The two companies are combining their platforms for AI-guided and robotics-powered drug discovery to develop a set of novel kinase inhibitors against cMET. The partnership will bring together two highly synergistic approaches – quantitative decision making and state-of-the-art generative chemistry, combined with real-time biological and biochemical profiling and data generation, to significantly accelerate the design-make-test-analyze cycle. The two companies will also use their strong links to leading centres for NSCLC treatment to leverage clinical insights, inform their discovery and development efforts and directly address clinically relevant liabilities limiting the effectiveness of currently available therapies.

"We are really excited to be working with Arctoris on this project. There is a huge need for next generation cMET inhibitors for NSCLC. This is a cancer that affects millions globally, and we hope that we can bring meaningful benefit to some of these lives in the near future," shares Dr. Nicholas Firth, CEO of Evariste Technologies.

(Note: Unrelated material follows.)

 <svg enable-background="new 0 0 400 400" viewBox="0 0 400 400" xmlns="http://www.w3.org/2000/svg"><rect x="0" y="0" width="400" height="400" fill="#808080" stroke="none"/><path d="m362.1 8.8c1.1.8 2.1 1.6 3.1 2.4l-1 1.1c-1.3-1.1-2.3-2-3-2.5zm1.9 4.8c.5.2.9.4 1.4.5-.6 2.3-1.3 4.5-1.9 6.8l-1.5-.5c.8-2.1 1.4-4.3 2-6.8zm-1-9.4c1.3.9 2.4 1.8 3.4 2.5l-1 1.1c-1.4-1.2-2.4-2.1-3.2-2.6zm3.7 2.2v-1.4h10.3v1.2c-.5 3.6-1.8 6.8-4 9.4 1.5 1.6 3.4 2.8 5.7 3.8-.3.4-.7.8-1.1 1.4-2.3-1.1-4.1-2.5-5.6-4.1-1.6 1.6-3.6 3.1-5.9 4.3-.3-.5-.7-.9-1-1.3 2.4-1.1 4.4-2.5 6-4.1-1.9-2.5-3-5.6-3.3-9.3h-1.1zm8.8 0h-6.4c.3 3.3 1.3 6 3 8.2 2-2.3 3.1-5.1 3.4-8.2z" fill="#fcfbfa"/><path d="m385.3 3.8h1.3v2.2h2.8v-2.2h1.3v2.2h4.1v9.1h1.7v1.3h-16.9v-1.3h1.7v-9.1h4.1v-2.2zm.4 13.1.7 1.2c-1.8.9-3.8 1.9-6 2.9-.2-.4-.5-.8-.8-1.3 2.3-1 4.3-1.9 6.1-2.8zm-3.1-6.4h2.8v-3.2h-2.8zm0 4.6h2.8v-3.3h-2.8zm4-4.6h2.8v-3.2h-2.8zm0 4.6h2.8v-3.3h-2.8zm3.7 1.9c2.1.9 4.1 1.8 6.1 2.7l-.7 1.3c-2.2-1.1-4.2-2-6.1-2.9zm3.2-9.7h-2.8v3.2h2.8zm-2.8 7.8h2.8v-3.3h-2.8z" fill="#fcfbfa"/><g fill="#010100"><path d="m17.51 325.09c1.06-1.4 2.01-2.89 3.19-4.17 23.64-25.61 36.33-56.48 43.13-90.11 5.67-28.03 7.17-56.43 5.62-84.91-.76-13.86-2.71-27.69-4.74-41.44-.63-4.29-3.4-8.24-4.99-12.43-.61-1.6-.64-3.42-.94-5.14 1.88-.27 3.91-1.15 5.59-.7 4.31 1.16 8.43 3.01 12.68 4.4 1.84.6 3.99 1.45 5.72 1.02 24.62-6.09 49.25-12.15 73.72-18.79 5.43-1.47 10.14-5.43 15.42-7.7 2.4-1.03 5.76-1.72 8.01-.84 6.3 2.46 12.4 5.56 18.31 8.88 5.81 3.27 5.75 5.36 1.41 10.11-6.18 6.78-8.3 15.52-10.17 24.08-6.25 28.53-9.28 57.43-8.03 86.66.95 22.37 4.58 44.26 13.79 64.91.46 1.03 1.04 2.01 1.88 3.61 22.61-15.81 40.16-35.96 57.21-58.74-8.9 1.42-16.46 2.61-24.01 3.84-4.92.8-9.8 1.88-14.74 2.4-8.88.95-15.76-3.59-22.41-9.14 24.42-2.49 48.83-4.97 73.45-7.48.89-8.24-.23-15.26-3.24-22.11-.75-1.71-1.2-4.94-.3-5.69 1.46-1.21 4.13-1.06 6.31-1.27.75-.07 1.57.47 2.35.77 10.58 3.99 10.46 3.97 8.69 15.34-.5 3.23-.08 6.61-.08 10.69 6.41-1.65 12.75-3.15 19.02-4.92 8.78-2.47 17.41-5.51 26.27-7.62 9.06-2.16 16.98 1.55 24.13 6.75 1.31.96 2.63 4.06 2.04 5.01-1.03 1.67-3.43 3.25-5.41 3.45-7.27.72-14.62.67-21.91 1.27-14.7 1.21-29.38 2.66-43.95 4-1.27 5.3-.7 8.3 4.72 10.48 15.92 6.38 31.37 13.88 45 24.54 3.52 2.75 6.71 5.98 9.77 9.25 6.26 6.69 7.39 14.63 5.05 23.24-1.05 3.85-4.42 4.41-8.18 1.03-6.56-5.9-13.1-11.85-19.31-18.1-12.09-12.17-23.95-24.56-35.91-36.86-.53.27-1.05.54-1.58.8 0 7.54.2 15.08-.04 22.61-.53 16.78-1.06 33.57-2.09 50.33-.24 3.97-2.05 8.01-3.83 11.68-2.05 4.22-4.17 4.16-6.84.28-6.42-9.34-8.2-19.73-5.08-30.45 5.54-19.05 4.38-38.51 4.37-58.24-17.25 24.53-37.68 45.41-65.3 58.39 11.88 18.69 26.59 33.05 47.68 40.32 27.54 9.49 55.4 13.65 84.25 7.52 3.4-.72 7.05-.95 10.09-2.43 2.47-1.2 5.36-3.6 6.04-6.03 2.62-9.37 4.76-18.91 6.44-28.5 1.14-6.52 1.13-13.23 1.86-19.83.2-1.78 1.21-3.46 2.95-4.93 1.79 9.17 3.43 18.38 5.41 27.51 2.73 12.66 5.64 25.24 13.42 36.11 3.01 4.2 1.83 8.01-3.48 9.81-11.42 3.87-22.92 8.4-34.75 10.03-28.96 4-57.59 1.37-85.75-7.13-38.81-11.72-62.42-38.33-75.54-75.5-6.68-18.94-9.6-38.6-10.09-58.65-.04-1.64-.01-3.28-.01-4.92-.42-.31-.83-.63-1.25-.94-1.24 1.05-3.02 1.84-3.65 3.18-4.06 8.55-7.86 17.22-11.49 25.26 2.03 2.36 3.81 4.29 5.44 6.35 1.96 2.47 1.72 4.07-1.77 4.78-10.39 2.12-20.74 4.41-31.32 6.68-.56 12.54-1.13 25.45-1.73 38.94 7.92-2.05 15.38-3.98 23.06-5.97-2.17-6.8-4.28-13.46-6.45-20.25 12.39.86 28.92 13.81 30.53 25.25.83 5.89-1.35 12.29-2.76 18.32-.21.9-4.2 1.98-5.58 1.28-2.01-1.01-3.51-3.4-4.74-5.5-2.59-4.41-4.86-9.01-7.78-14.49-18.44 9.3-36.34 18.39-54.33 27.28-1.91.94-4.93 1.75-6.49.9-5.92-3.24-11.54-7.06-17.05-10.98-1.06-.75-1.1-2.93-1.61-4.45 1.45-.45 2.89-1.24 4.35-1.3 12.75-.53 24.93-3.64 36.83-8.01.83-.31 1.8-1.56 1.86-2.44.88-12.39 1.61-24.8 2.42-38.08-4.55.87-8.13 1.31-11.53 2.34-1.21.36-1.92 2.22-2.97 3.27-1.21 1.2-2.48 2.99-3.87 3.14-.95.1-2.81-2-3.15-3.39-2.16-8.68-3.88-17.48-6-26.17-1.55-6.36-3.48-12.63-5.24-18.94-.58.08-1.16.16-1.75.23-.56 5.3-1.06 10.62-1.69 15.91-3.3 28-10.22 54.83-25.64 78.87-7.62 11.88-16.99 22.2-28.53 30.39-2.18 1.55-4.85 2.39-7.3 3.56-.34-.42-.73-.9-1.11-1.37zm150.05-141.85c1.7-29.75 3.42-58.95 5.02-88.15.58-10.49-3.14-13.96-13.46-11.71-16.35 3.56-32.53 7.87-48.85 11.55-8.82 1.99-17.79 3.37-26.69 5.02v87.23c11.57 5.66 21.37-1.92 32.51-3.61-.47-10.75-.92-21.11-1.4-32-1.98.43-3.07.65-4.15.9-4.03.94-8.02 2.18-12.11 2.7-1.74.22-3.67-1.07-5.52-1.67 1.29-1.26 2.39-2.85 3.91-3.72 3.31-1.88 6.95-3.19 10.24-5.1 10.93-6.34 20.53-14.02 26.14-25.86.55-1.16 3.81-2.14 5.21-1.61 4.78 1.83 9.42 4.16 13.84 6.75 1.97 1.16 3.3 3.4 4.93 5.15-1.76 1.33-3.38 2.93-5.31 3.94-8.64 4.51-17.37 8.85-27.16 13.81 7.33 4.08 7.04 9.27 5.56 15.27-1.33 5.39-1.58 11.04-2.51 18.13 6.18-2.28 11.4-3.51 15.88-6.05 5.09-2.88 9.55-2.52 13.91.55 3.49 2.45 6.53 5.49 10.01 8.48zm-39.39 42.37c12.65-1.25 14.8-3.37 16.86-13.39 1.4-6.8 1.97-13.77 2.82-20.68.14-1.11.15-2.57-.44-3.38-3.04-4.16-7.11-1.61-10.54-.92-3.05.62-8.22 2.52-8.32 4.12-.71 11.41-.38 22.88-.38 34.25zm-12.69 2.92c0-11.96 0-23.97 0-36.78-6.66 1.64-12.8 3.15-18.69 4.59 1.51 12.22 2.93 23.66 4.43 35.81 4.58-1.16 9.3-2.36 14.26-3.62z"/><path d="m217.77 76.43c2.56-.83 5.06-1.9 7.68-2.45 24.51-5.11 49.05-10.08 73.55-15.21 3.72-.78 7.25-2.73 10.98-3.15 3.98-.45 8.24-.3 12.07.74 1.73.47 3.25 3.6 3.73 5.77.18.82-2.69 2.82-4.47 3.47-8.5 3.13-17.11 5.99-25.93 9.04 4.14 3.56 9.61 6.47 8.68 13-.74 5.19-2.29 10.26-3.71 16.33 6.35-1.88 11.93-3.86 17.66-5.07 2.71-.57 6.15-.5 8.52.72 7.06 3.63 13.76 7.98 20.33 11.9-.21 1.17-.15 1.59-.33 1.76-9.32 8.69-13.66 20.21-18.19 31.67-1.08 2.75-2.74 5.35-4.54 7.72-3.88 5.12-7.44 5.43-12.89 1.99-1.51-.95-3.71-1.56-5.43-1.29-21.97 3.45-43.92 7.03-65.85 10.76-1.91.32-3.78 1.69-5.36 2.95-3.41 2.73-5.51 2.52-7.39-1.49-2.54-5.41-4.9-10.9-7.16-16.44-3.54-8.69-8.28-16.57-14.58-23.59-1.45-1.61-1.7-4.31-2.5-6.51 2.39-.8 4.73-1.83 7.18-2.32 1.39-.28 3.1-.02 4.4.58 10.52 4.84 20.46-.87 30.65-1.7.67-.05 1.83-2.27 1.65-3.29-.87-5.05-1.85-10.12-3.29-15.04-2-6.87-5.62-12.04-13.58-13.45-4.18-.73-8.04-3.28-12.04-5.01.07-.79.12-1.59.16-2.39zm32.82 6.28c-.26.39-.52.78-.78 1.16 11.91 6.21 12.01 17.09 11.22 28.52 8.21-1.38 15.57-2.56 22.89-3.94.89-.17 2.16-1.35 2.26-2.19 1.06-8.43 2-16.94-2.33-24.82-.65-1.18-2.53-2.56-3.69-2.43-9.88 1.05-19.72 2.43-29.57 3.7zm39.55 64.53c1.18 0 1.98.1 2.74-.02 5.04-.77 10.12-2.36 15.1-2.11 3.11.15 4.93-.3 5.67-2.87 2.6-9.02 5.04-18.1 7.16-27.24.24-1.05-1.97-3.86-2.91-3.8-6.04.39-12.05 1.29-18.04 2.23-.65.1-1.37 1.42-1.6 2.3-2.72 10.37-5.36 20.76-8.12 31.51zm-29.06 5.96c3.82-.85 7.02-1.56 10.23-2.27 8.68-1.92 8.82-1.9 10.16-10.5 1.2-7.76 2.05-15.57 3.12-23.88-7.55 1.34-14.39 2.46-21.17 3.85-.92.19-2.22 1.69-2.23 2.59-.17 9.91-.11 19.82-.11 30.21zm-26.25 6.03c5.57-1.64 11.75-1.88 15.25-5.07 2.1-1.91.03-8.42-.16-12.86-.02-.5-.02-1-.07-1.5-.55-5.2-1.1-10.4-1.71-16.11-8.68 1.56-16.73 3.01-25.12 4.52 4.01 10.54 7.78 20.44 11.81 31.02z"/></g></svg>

Arctoris CEO Martin-Immanuel Bittner MD DPhil FRSA commented on the joint venture, "Together with our partners at Evariste, we are developing novel treatment options in NSCLC against a fully validated target, where first generation inhibitors can be improved on in a clinically meaningful way. Combining patient-derived insights on resistance and toxicity patterns with AI-powered molecule design and our robotic platform, Ulysses, we aim to develop superior next generation inhibitors within a significantly accelerated time frame."

The collaboration between Arctoris and Evariste is already underway and has identified novel, active chemical matter. "We look forward to keeping our community updated about the progress we are making within the joint venture between Evariste Technologies and Arctoris. We have had an incredible start already, and we look forward to continuing our work to develop better treatments options for patients worldwide", shares Bittner.